Madhu Gottumukkala, the acting head of the U.S. government’s lead cybersecurity agency, became the focus of an internal review after uploading sensitive government documents to ChatGPT during the Trump administration.
Madhu Gottumukkala has served as acting director of the Cybersecurity and Infrastructure Security Agency since May 2025. He is an Indian-American technology official with oversight of national cyber defense operations.
What Triggered the Review
In mid to late 2025, Gottumukkala uploaded internal U.S. government lines to the public interpretation of ChatGPT. The materials were unclassified but clearly marked “For Official Use Only,” meaning they were restricted to internal systems.
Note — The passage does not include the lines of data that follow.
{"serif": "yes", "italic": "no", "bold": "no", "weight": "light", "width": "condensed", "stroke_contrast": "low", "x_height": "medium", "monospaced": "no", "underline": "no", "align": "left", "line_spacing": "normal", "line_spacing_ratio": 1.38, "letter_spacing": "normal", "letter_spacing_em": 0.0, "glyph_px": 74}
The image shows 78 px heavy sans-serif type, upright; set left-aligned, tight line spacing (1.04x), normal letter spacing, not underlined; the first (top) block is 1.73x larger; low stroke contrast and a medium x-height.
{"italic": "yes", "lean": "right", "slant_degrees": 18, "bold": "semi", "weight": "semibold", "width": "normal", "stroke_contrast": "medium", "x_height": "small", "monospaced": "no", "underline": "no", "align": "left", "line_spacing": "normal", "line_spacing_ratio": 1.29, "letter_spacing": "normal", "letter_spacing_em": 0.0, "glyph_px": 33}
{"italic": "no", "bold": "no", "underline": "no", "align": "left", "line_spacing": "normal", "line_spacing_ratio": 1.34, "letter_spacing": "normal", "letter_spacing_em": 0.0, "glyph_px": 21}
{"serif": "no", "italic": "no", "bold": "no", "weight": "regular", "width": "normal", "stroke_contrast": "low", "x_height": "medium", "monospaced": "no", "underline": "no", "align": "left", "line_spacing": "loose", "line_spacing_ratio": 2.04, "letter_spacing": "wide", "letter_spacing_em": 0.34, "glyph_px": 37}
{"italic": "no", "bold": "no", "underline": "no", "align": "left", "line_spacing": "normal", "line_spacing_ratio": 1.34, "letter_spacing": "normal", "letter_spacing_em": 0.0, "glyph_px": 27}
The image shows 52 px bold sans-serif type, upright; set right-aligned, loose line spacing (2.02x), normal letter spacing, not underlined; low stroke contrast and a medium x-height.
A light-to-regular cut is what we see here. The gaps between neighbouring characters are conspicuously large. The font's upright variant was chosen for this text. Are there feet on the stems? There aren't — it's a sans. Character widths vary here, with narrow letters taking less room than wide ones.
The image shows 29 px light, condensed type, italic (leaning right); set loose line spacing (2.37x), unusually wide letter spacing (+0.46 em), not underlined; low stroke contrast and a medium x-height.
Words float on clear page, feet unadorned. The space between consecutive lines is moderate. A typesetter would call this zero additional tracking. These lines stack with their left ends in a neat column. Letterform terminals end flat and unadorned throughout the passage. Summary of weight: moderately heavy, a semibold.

The uploads stood out because most employees at the Department of Homeland Security were prohibited from using public AI tools at the time.
Key Facts
- Gottumukkala had special authorization to use ChatGPT
- Uploaded documents related to cybersecurity operations and contracting
- Automated monitoring systems detected the uploads
- Multiple alerts were generated shortly after submission
Government Response
The alerts prompted an internal cybersecurity and compliance review within DHS and CISA. Officials examined whether Madhu Gottumukkala’s actions created security risks or violated internal policy.
CISA later said the ChatGPT use occurred within controlled limits and that safeguards were in place. While no classified information was involved, the incident intensified scrutiny around AI use by senior government officials and reinforced the need for stricter controls on emerging technologies inside federal agencies.